Identity Statement for Sir Horace Plunkett

  • Reference code: IE UCDA P27
  • Title: Papers of Sir Horace Plunkett (1854–1932)
  • Dates: 1923
  • Level of description: Item
  • Extent: 2pp
  • Context
  • Content and Structure
  • Conditions of Access and Use

Biographical History

Sir Horace Curzon Plunkett was born at Sherborne House, Gloucestershire in 1854, son of Lord Dunsany, of Dunsany Castle, Dunshaughlin, County Meath. He was educated at Eton and University College, Oxford. In the 1890s he pioneered agricultural co-operation, particularly among dairy farmers in the south of Ireland. In 1891, he was appointed a member of the Congested Districts Board and in 1892 was elected the Unionist MP for South County Dublin. In the following years, he continued developing agricultural policy in Ireland in his role as the first President of the Irish Agricultural Organisation Society (1894), and one of his major reports (Recess Committee 1896) led to the foundation of the Department of Agriculture and Technical Instruction for Ireland in 1899. In 1907, 84 Merrion Square was purchased for him and renamed "The Plunkett House" and became the headquarters of the agricultural co-operation movement. Politically, he became involved with the Home Rule movement, and wished to see Ireland united and within the Commonwealth. He founded the Irish Dominion League with this aim in mind. In 1922 he was made a Senator, and in 1923 his house was burned down during the Civil War, destroying many valuable works of art. He travelled widely advancing the cause of agricultural co-operation and gained many international accolades and awards.
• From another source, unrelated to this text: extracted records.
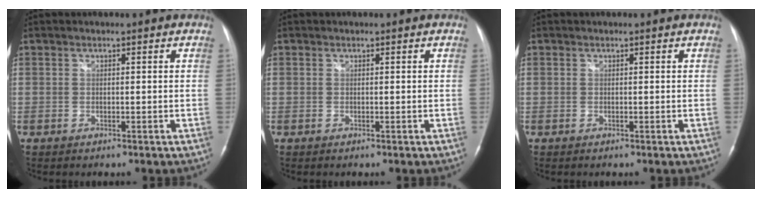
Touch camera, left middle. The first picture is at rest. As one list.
[{"total": 0.0}, {"total": 0.0}]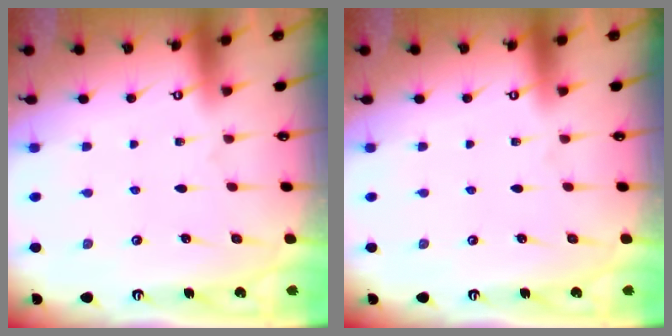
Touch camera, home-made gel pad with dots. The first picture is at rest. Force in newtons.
{"total": 0.0}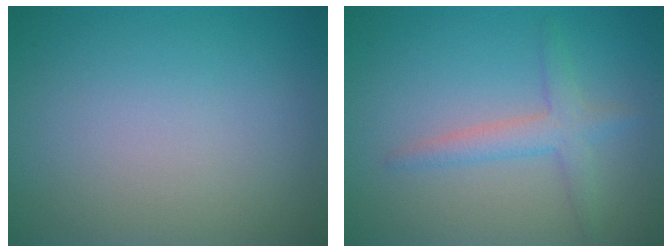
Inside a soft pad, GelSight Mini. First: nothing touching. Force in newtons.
{"total": 2.5, "press": 2.5, "slide": 0.1}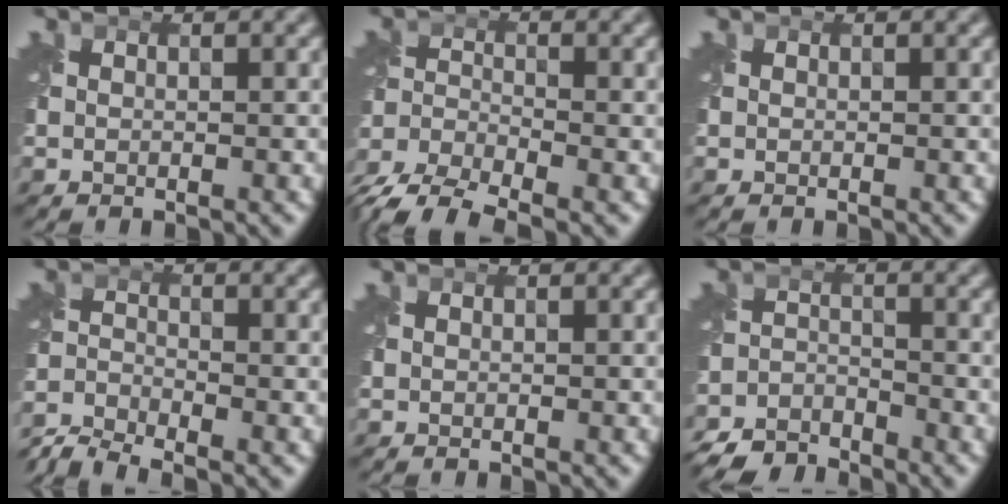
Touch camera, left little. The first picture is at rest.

Also authored two books Ireland in the New Century (1904) and The Rural Life Problem of the United States (1910).

 

Scope and Content

Letter from Sir Horace Plunkett in Surrey to Mrs Alfred Hamilton, Foxrock, Dublin, concerning his revival of The Irish Statesman under the editorship of Æ (George Russell), in amalgamation with The Irish Homestead. Notes the editorial policy of the latter. Describes relations with its American backers, mentions its policy of supporting the Anglo-Irish Treaty and seeking Irish unity by conciliation. Refers to his health particularly in the aftermath of the destruction of his house during the Civil War, his views on Gnosticism and Agnosticism and to other matters.

  • Access: Available by appointment to holders of a UCD Archives reader's ticket. Produced for consultation in original format. Original material will be retrieved at 11am and 2pm only.